2016年10月20日木曜日

China 2049 / マイケル・ピルズベリー (2015)

The Hundred-Year Marathon by Michael Pillsbury

アメリカの中国通である著者が、痛烈に中国を批判しています。
著者は過去'60年代から'80年代にかけて、アメリカと中国の懸け橋になり、この時代にアメリカと中国は急速に接近していったようです。
ところが、天安門事件を機に一気に関係が冷え込み、それとともに著者は中国についての見方を変えていったようです。
あれだけ信頼していたのになんだ!ということなんですかね。

著者によれば、天安門事件から中国が変わったのではなく、毛沢東の時代からいつかは世界一になろうと、使える国は使うという姿勢だということです。(少し恨みが過ぎて、ちょっと言い過ぎのように思います。)
昔の春秋戦国時代の、人の裏をかいて、うまくだまして相手をやっつける、というのが中国人の頭に刷り込まれており、それと同じことを現代にもやっている、ということを主張しています。赤壁の戦のようなだましだまされ、の世界観ですね。100年計画で世界の覇者になろうとしている、のだと。政治的にも、経済的にも、軍事的にも。

そして、予想以上にアメリカの力が低下してきているので、中国が覇権をとるのはより近づいている、と予想しています。
しかも中国が覇権国になると、現在の中国がやっていることが押しつけられ、今とは全く違う非常に住みにくい世界になる、と。

著者に言わせると、中国の指導者は偏狭な情報で世界を見、他国を信じない世界観で世界を見ているそうです。アメリカによる中国大使館の誤爆のときに、江沢民を中心とした中国の指導者たちは、アメリカによる意図的な爆撃だと断じて、ほぼアメリカと断絶状態になります。衝撃ですね。もっと多くの事実を集めて、平たく議論してほしいですね。
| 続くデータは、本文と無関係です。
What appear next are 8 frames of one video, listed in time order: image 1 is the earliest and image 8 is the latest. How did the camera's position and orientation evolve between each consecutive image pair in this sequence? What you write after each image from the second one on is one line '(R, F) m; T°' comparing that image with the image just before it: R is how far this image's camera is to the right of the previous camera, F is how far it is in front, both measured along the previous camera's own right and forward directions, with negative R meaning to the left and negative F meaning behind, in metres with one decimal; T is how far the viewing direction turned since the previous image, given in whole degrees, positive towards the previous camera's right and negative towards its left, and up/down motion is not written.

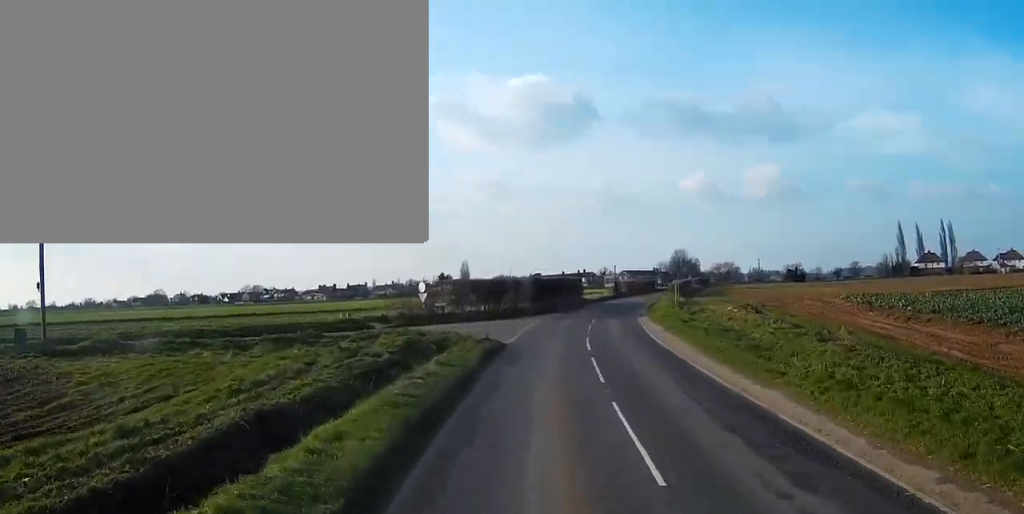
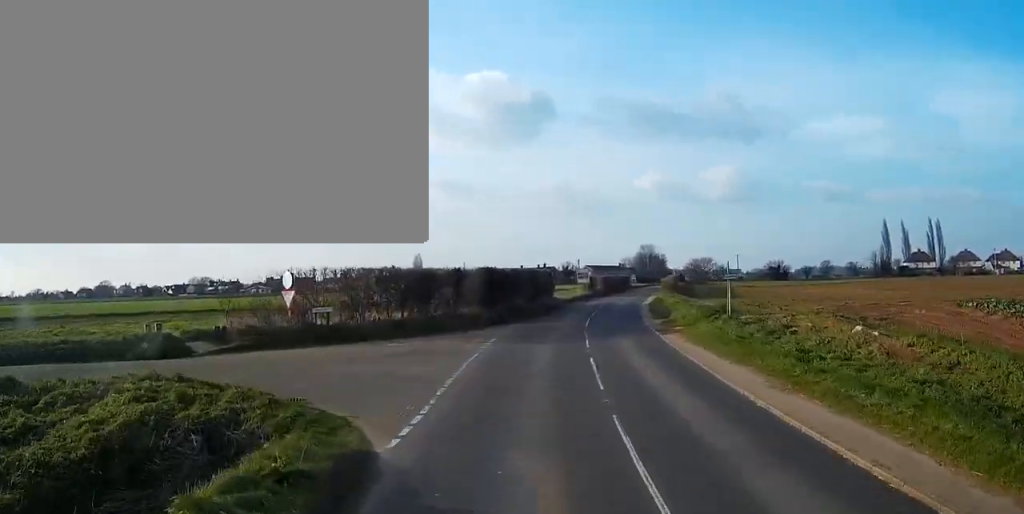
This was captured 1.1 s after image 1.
(+0.5, +20.3) m; +3°
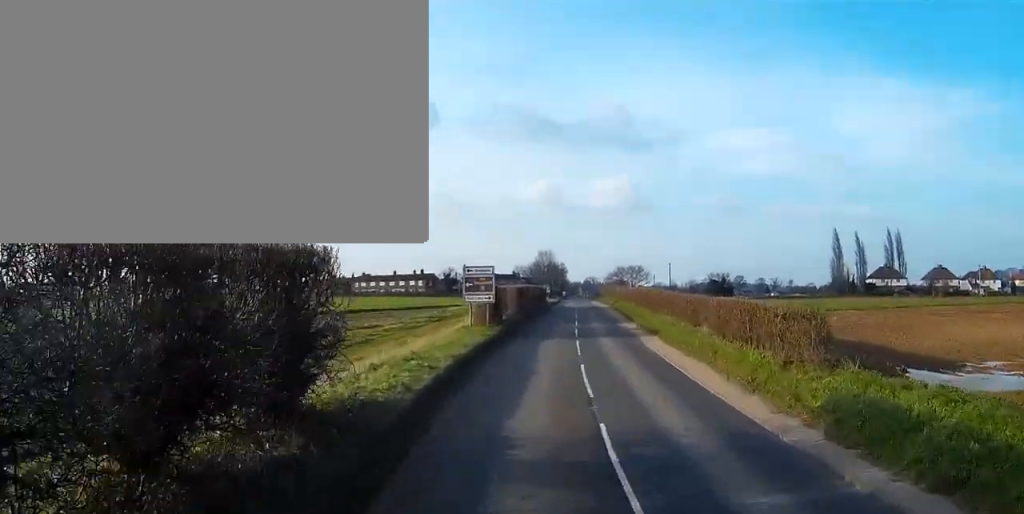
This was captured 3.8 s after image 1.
(+3.7, +47.5) m; +9°
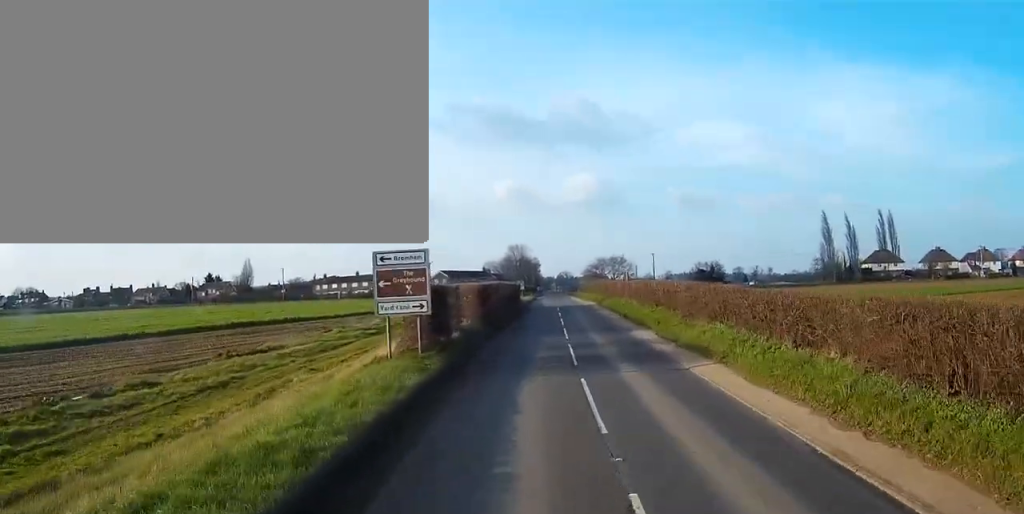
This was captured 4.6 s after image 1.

仮に著者の言う通りだとしても、果たしてあの時の鄧小平の決断は正しかったのか?という疑問はずっとあります。
著者は言います。「胡耀邦や趙紫陽ではなく、鄧小平や江沢民を信じたのは間違いだった」と。そのとおり。鄧小平は胡耀邦を切り、趙紫陽を切り、後を保守派(筆者に言わせればタカ派)に委ねてしまった。そう決断してなかったら、中国はまた違った道を歩んでいたのではないかと思います。(著者はそうではないと言いそうですが)
僕は鄧小平は、本物のマルキストではなかったのではないかと思っています。もしかしたら毛沢東も。西洋諸国からの尊厳を守るための一番の近道が共産党だったんではないでしょうか。しかし、彼ら第一世代が死んで、次以降の世代は体制の存続が主体となりますよね。維新のときの徳川家しかり、第2次大戦のときの天皇制しかり。
一方で、この勢いのある中国を排除することはできません。少なくとも経済的にはうまく利用する側に回らないといけないと思います。


2016年10月8日土曜日

人工知能 人類最悪にして最後の発明 / ジェイムズ・バラット (2013)

Our Final Invention by James Barrat

僕らが行き着く未来は、「アトム」ではなく「ターミネーター」だった。
本のスリーブにそう書いてある通りの内容です。

AI(Artificial Interigence)=人工知能 が進化して、AGI(Artificial General Inteligence)=汎用人口知能 となり、それがさらに自己成長して ASI(Artificial Super Inteligence)=超人工知能になると言います。
それが、人類にとってどういう影響を与えるかわからない、つまり人類に良いことばかりではない、というのが筆者の主張です。
確かに、機械が遂行するアルゴリズムが、人にとっていいもの、というのは幻想です。
本書の中にもありますが、潜水艦は泳げない、ということです。生物とは違うやり方で潜航するという行為を行います。先日の碁の対戦をしたAIも、人間なら取らないような手を打つようです。
こういった機械が人類よりも高い知能を持つようになったとき、人類は破滅に向かうに違いない、と断言しています。

まさにターミネーターの世界です。映画ターミネーターでは、スカイネットという人工知能が、人類との間で戦争をしています。ネットと名がつくようにおそらくネットワークの中で増殖していったのでしょう。
あるいは、スタンドアローンであれば、2001年宇宙の旅です。HAL9000は、自分を疑った乗組員を船外に放り出します。

電気エネルギーの中でしか生きていけない人工知能が、人類を脅かす存在になる、というのは少し荒唐無稽のようにも思いますが、筆者は何人もの科学者や実務家にインタビューすることで、自説を補強しています。

たった一つの主張のために論証を繰り返し、400ページ近い本を書くのは並大抵ではないと思います。少し冗長です。